[Opening The data section]

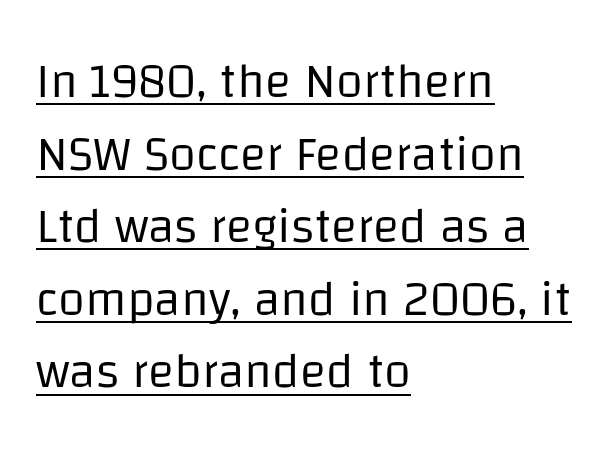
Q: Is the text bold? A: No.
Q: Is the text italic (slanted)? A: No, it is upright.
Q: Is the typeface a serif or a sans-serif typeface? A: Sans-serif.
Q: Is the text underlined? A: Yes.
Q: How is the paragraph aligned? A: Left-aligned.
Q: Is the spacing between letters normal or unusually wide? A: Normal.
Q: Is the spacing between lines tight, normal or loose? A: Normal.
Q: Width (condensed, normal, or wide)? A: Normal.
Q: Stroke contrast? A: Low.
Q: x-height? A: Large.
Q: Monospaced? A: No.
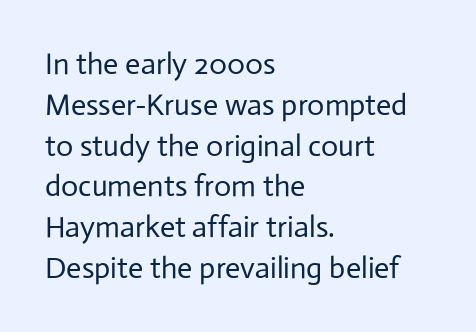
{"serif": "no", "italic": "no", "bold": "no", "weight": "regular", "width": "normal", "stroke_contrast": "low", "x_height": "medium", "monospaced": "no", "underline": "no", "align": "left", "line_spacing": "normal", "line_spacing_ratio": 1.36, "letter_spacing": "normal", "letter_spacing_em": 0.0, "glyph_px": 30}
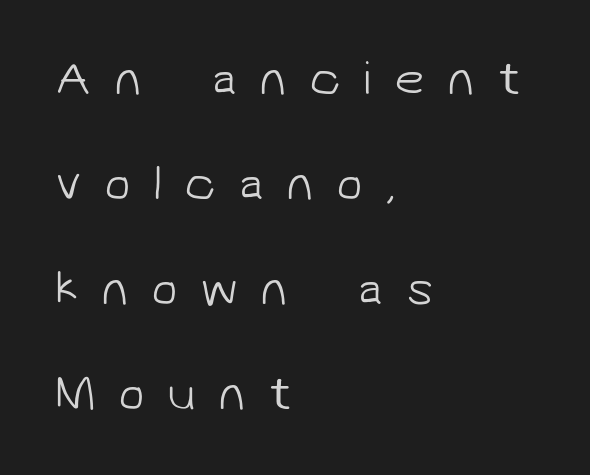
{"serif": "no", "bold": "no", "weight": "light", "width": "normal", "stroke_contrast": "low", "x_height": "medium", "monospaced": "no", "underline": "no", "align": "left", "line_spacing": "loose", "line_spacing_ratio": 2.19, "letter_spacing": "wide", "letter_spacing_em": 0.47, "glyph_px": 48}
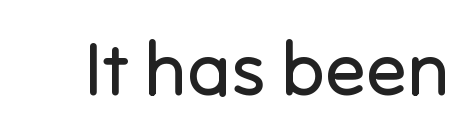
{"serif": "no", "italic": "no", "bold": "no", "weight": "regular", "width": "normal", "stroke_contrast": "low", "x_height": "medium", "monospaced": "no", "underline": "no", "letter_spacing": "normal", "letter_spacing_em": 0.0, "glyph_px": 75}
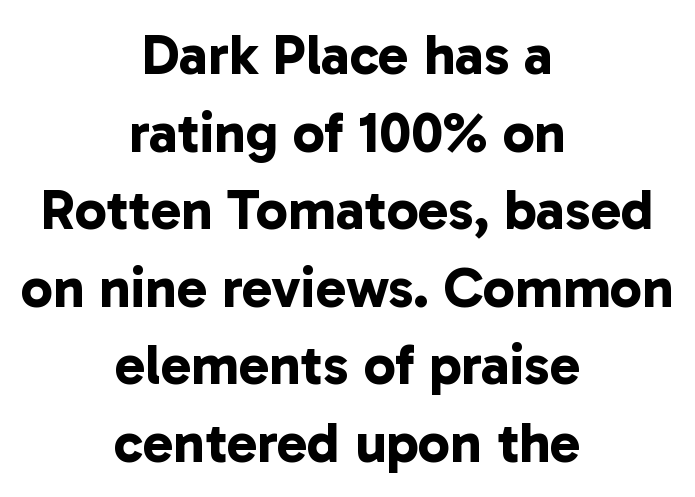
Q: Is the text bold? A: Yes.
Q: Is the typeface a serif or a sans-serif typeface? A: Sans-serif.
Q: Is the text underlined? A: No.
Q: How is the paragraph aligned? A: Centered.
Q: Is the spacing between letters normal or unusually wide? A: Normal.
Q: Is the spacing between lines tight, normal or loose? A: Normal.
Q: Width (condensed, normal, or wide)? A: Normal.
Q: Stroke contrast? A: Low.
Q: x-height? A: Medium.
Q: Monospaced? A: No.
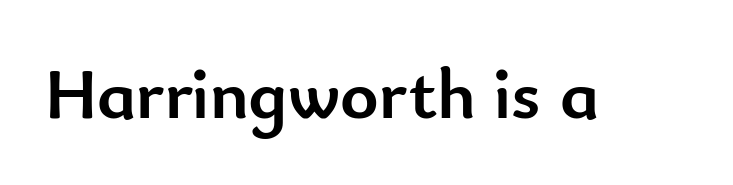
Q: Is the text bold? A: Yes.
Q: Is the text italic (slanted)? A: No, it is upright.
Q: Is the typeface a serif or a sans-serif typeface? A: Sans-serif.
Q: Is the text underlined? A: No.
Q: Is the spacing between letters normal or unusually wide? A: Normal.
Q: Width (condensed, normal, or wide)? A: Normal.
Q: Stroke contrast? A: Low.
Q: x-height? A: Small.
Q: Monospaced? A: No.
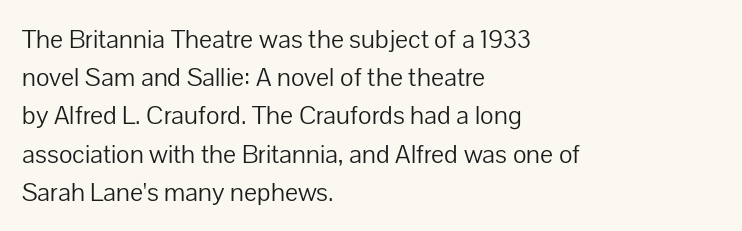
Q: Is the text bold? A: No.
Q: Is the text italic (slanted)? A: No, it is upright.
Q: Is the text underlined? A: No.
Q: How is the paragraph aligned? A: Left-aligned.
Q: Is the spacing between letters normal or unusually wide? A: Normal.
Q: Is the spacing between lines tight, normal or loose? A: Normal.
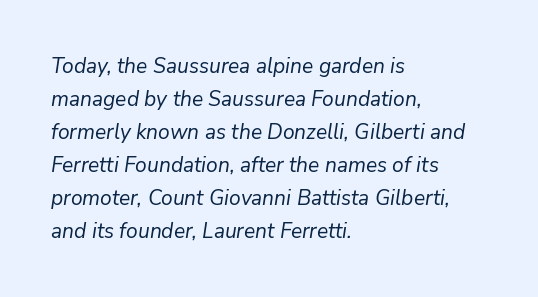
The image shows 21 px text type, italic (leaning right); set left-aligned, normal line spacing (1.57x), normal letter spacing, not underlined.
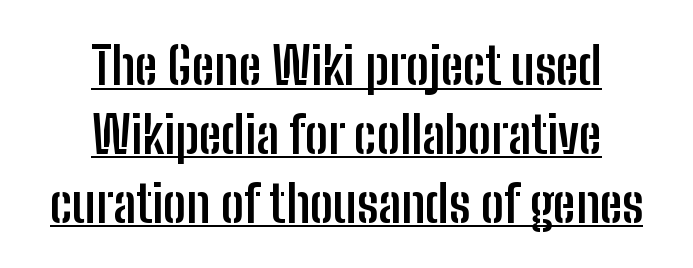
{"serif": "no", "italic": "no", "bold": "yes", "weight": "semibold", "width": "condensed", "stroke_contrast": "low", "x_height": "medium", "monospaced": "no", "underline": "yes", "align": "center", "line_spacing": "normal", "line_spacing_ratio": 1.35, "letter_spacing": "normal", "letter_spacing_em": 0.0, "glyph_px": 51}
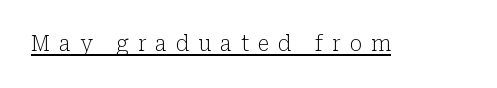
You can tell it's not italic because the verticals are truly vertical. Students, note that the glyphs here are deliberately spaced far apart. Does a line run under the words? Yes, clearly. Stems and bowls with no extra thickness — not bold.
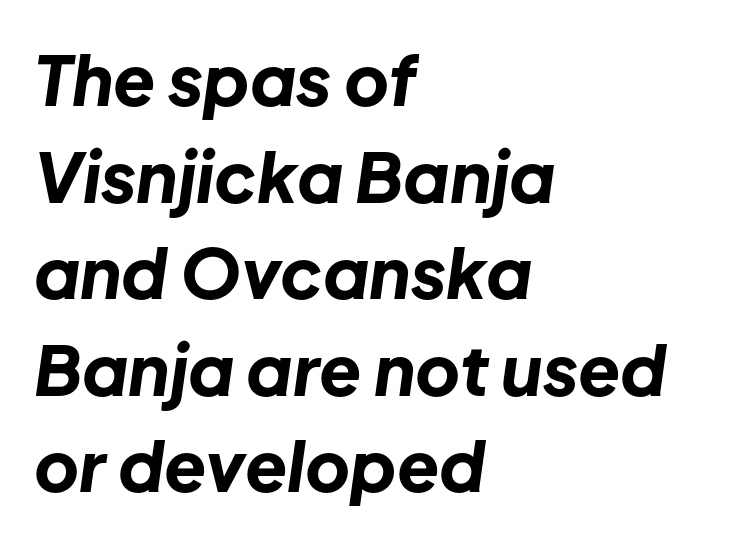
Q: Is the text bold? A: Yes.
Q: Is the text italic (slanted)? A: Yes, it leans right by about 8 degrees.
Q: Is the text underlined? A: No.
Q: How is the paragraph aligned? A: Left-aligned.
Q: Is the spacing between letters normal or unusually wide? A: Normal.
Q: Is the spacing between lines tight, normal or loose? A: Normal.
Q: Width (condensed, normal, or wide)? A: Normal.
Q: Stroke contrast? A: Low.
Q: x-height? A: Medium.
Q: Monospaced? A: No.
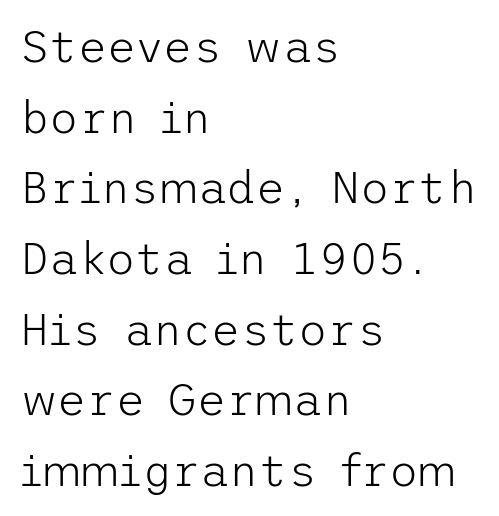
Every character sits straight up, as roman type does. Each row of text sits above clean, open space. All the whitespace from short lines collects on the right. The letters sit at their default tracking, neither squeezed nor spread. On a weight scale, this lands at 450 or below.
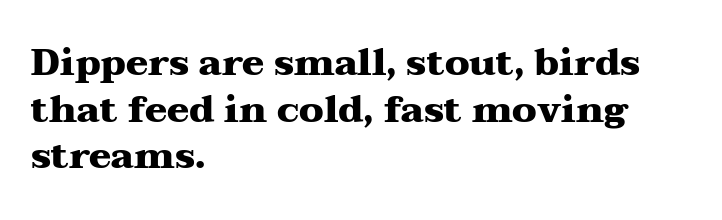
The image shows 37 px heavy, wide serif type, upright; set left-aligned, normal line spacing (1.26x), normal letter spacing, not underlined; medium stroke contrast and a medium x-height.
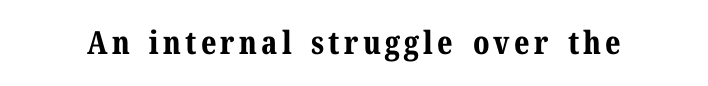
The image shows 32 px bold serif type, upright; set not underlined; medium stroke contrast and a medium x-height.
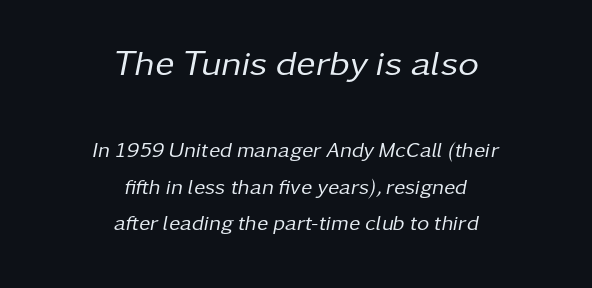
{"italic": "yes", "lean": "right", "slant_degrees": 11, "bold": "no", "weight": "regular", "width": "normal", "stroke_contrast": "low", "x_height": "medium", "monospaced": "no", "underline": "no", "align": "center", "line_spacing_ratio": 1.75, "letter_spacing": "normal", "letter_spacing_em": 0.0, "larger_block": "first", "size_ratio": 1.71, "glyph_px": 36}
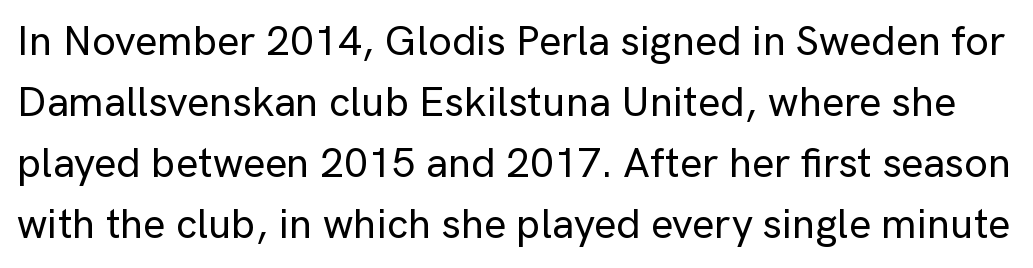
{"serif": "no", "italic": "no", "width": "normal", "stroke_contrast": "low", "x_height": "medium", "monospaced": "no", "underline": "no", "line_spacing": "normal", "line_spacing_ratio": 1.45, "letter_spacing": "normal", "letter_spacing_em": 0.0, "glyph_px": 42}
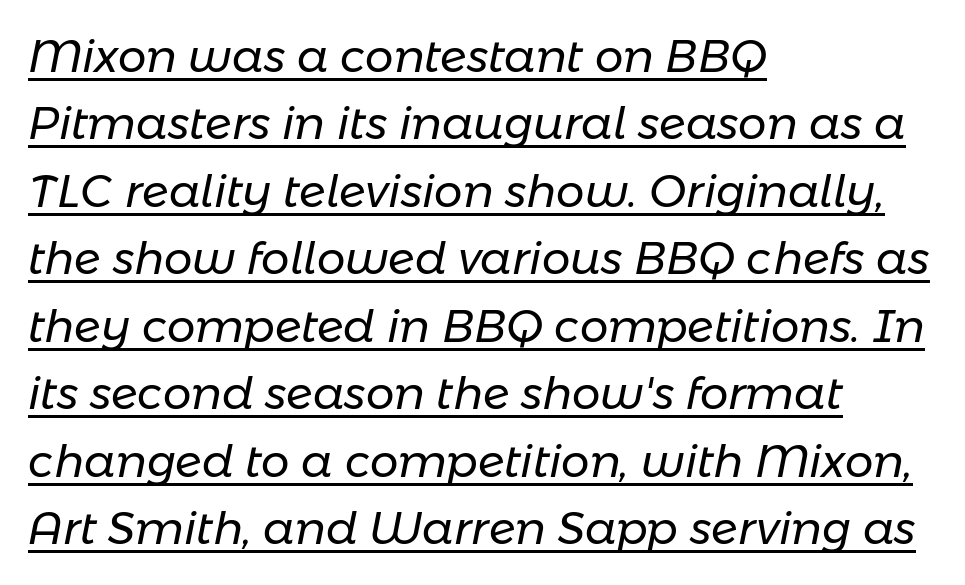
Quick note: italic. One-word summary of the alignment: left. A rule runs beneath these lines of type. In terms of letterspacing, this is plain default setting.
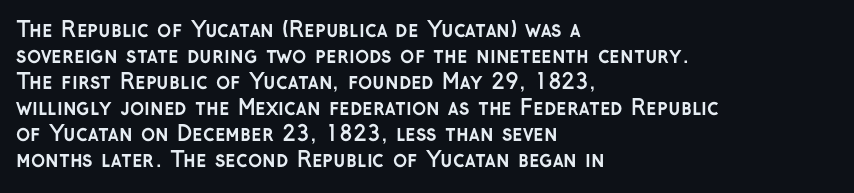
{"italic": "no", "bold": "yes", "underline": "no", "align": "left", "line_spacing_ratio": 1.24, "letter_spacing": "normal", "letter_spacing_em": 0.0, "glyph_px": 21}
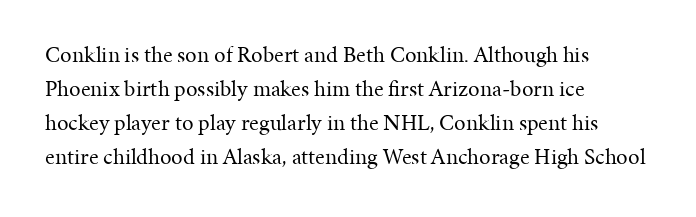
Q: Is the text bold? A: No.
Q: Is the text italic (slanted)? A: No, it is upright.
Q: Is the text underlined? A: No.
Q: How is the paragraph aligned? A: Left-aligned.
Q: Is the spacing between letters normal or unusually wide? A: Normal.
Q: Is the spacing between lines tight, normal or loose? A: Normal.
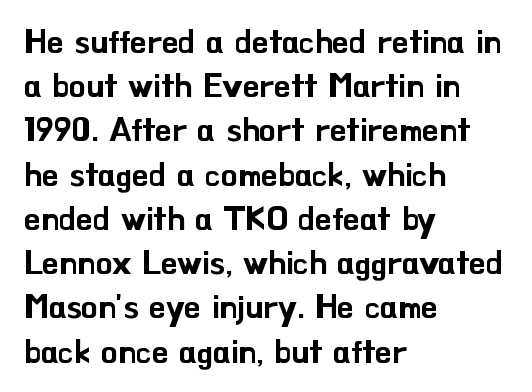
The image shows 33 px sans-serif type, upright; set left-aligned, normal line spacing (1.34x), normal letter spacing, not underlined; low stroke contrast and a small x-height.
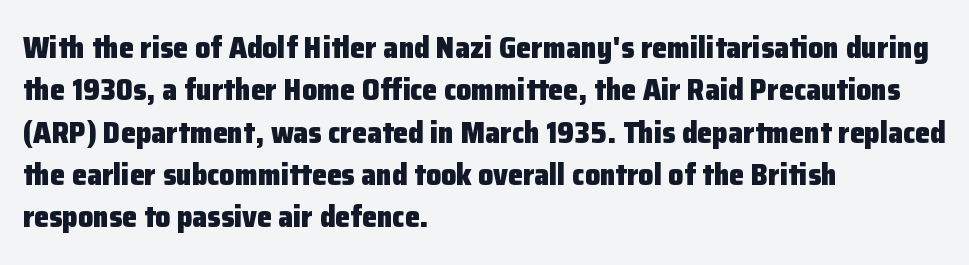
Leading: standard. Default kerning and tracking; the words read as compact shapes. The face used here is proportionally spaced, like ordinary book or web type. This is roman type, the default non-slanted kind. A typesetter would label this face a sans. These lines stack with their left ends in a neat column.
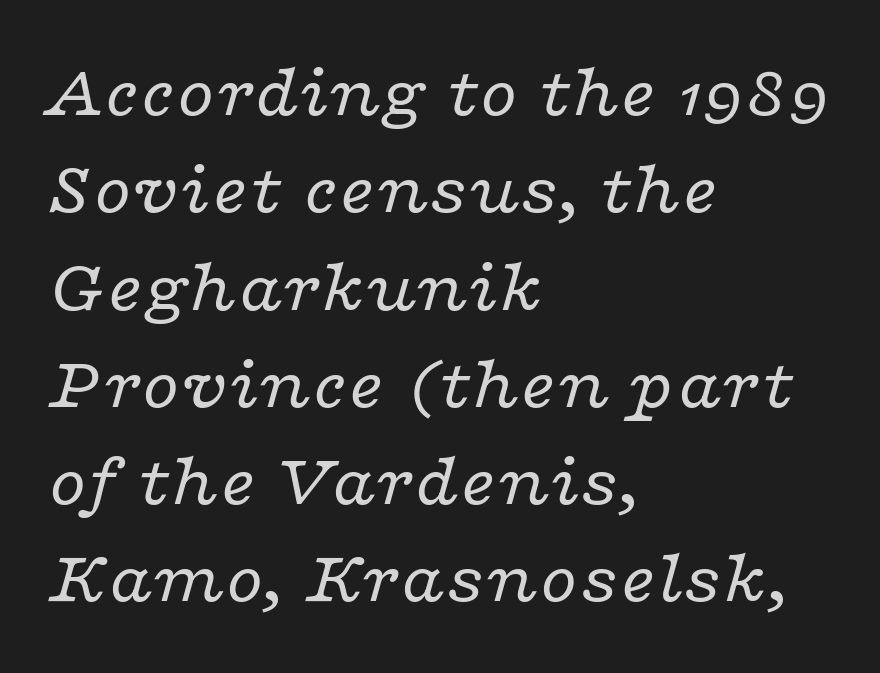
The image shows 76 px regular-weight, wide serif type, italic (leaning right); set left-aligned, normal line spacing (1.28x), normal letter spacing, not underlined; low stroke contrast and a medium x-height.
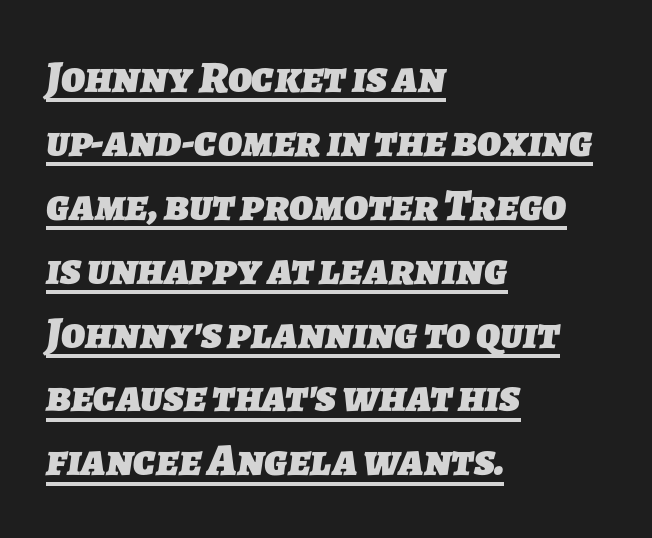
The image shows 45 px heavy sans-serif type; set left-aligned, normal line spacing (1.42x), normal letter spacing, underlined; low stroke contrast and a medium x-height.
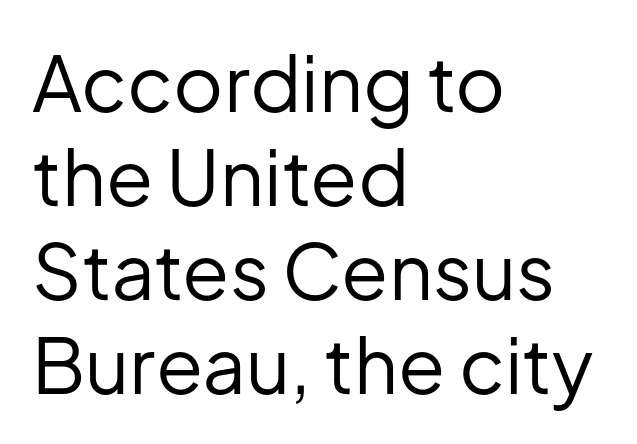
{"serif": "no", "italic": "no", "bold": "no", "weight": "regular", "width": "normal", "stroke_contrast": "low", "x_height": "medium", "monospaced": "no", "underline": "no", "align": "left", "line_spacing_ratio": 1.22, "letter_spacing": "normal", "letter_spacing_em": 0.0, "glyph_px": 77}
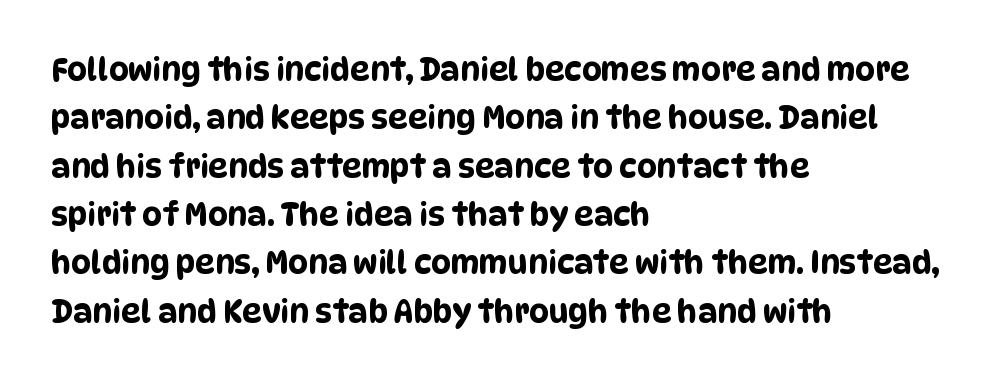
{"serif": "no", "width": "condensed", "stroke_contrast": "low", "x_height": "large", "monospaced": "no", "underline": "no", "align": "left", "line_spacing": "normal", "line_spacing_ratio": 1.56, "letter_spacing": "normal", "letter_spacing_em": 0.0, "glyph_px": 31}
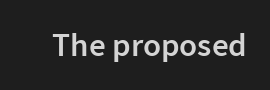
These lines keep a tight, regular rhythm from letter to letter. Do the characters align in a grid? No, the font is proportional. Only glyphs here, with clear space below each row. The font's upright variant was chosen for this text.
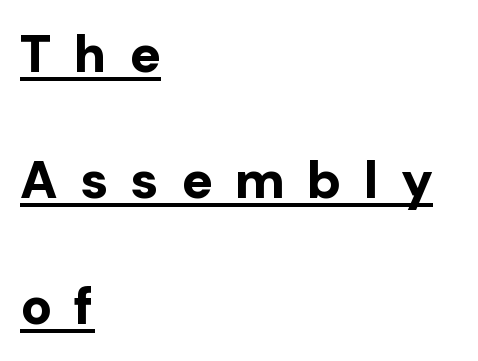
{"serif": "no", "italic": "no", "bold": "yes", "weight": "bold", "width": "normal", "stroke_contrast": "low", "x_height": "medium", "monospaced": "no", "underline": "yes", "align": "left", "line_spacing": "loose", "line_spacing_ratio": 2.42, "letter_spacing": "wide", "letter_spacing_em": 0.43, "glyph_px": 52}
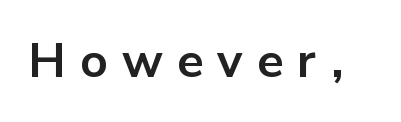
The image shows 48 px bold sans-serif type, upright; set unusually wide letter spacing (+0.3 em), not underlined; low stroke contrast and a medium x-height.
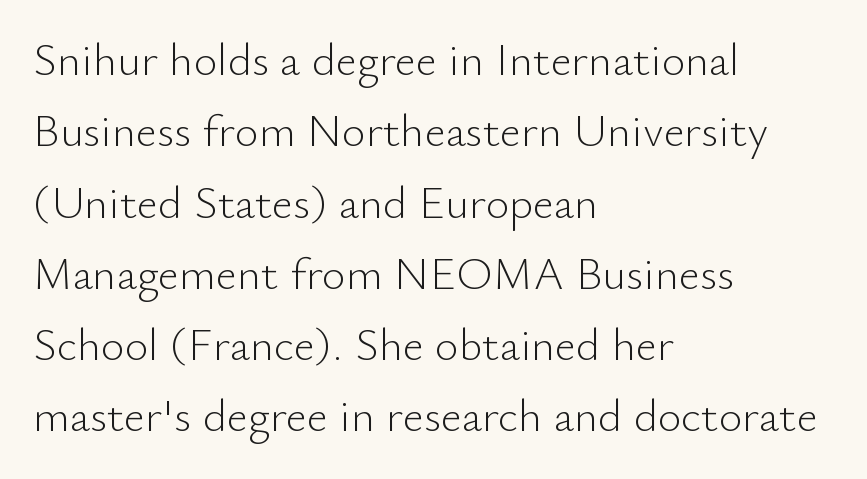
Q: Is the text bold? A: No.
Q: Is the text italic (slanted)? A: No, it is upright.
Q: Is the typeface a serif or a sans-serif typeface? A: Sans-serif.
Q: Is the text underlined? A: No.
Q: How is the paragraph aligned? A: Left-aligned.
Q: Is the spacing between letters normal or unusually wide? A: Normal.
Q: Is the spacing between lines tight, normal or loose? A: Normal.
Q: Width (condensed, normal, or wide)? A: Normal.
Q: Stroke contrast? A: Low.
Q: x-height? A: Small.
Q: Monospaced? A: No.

[Closing The data section]

The task: The output is the lines from the start of the data above through the line containing "Q: x-height? A: Large.", unchanged, with any picture left out.

Response to this exercise:
Q: Is the text bold? A: No.
Q: Is the text italic (slanted)? A: No, it is upright.
Q: Is the typeface a serif or a sans-serif typeface? A: Sans-serif.
Q: Is the text underlined? A: Yes.
Q: How is the paragraph aligned? A: Left-aligned.
Q: Is the spacing between letters normal or unusually wide? A: Normal.
Q: Is the spacing between lines tight, normal or loose? A: Normal.
Q: Width (condensed, normal, or wide)? A: Normal.
Q: Stroke contrast? A: Low.
Q: x-height? A: Large.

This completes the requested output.